Parallelism and GPU Support
Palace employs multiple types of parallelism in an attempt to maximize performance across a wide range of deployment possibilities. The first is MPI-based distributed-memory parallelism. This is controlled using the -np
command line flag as outlined in Running Palace.
Shared-memory parallelism using OpenMP is also available. To enable this, the -DPALACE_WITH_OPENMP=ON
option should be specified at configure time. At runtime, the number of threads is configured with the -nt
argument to the palace
executable, or by setting the OMP_NUM_THREADS
environment variable.
Lastly, Palace supports GPU-acceleration using NVIDIA and AMD GPUs, activated with the build options -DPALACE_WITH_CUDA=ON
and -DPALACE_WITH_HIP=ON
, respectively. At runtime, the config["Solver"]["Device"]
parameter in the configuration file can be set to "CPU"
(the default) or "GPU"
in order to configure Palace and MFEM to use the available GPU(s). The config["Solver"]["Backend"]
parameter, on the other hand, controls the libCEED backend.

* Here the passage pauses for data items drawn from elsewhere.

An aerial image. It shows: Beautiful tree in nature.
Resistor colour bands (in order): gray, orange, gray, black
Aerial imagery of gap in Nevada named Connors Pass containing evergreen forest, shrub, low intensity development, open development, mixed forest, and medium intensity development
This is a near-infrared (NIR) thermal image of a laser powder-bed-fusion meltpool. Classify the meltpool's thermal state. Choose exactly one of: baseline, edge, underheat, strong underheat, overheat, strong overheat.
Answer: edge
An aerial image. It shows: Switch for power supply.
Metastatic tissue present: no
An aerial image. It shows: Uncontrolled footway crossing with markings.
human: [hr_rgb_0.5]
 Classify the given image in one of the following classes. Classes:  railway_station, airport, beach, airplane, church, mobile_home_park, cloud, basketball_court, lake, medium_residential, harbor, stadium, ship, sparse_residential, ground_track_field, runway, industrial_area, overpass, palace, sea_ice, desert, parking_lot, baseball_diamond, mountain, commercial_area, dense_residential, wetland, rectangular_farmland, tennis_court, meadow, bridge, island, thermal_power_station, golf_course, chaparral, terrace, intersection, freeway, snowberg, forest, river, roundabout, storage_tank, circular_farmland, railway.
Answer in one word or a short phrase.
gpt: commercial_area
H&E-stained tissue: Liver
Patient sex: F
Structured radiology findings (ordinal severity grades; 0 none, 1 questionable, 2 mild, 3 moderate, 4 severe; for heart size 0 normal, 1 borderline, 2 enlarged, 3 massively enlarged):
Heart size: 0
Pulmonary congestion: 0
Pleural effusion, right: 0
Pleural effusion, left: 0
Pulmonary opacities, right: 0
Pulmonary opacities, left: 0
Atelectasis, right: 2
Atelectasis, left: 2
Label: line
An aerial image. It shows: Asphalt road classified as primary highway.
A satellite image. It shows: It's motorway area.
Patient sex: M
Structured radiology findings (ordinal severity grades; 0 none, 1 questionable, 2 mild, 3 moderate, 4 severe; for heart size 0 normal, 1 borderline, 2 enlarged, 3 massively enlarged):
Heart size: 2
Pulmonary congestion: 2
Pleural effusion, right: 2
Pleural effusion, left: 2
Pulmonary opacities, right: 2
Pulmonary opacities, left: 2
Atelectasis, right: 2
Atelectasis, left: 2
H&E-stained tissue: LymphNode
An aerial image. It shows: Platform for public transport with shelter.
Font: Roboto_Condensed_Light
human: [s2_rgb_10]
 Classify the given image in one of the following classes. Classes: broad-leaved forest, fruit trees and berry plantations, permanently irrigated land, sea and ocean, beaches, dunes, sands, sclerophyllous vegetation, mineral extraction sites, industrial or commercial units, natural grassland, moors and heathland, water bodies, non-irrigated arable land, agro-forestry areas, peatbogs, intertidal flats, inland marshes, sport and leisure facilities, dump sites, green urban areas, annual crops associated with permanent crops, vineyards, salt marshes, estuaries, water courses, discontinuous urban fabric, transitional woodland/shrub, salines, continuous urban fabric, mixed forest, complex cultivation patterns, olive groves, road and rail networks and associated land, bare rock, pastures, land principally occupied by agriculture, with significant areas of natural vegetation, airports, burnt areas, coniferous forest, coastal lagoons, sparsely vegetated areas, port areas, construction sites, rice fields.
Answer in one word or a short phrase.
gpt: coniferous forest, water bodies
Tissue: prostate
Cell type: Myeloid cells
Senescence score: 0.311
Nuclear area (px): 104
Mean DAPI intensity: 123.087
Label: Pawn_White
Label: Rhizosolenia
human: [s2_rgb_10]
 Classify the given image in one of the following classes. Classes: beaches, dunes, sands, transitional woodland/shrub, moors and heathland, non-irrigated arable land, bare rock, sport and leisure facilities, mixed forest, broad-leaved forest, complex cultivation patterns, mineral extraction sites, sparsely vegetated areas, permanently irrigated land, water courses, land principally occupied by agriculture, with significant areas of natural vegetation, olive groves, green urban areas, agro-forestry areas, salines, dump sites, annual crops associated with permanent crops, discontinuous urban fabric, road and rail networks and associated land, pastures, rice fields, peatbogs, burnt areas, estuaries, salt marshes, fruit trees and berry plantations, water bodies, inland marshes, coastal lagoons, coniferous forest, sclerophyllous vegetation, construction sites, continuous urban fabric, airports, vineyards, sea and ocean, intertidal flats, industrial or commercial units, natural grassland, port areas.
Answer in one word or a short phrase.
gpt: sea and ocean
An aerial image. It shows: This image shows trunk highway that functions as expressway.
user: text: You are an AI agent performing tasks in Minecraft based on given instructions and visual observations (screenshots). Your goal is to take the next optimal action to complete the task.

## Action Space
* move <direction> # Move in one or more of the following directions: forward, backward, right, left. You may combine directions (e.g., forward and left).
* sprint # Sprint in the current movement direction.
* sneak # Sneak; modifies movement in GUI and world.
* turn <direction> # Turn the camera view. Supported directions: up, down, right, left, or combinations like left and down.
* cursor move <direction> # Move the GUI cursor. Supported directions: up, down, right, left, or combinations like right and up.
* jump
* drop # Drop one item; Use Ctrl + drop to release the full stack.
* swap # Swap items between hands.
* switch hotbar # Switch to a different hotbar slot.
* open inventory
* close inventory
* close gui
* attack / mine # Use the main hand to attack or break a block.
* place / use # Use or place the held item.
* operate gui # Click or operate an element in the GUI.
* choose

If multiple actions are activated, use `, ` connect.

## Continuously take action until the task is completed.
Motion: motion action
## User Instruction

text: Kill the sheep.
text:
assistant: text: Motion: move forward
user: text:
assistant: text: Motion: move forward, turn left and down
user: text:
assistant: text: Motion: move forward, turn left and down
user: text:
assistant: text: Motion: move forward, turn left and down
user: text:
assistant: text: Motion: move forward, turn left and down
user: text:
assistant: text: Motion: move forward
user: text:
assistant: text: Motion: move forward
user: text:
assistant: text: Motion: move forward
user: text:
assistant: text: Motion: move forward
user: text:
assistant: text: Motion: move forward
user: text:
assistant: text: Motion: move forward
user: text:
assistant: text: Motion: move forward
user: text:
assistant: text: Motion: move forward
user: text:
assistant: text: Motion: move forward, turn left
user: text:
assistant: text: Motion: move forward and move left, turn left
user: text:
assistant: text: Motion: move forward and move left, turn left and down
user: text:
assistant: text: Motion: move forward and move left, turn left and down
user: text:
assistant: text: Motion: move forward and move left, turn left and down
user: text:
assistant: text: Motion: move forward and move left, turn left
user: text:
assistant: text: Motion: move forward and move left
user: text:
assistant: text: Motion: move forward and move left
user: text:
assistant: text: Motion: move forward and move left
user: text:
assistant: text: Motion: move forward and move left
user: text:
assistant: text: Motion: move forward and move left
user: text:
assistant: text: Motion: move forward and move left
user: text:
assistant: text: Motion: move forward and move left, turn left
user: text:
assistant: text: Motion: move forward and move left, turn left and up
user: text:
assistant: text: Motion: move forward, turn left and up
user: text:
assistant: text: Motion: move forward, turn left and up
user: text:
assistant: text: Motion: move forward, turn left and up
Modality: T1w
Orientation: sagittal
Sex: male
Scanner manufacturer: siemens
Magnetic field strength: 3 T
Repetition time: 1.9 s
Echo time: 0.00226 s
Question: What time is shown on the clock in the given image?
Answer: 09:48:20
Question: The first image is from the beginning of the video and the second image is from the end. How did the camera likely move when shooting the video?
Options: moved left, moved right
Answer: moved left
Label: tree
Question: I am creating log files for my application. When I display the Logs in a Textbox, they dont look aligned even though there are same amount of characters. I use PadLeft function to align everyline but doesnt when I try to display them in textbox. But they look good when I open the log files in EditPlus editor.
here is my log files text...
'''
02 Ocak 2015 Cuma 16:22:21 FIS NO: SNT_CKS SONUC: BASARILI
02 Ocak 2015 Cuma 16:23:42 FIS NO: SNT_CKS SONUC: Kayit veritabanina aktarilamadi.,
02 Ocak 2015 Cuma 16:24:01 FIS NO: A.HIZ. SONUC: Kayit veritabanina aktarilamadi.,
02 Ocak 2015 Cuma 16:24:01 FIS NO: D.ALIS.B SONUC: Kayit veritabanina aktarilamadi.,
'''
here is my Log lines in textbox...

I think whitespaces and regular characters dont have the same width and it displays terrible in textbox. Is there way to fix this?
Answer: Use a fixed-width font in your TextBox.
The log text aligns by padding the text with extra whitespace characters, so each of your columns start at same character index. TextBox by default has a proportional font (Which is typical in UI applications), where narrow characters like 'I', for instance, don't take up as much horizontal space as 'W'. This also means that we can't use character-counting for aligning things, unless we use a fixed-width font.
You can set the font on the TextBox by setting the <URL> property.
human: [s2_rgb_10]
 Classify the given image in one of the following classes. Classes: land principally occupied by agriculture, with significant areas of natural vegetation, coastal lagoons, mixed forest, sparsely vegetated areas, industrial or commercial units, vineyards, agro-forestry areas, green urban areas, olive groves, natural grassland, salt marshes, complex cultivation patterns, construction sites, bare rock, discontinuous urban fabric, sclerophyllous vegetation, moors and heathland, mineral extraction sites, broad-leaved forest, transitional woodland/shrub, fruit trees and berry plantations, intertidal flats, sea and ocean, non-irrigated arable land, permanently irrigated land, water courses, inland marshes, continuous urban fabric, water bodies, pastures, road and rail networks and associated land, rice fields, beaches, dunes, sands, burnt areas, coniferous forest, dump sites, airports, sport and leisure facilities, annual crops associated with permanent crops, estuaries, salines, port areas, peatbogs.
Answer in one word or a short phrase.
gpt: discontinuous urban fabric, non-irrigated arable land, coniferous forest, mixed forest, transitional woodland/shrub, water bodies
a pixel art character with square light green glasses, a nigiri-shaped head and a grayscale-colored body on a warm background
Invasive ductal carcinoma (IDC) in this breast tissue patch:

Users typically do not need to provide a value for this option and can instead rely on Palace's default, which selects the most appropriate backend for the given value of config["Solver"]["Device"]
.
In order to take full advantage of the performance benefits made available by GPU- acceleration, it is recommended to make use of operator partial assembly, activated when the value of config["Solver"]["PartialAssemblyOrder"]
is less than config["Solver"]["Order"]
. This feature avoids assembling a global sparse matrix and instead makes use of data structures for operators which lend themselves to more efficient asymptotic storage and application costs. See also https://libceed.org/en/latest/intro/ for more details. Partial assembly in Palace supports mixed meshes including both tensor product elements (hexahedra and quadrilaterals) as well as non-tensor product elements (tetrahedra, prisms, pyramids, and triangles).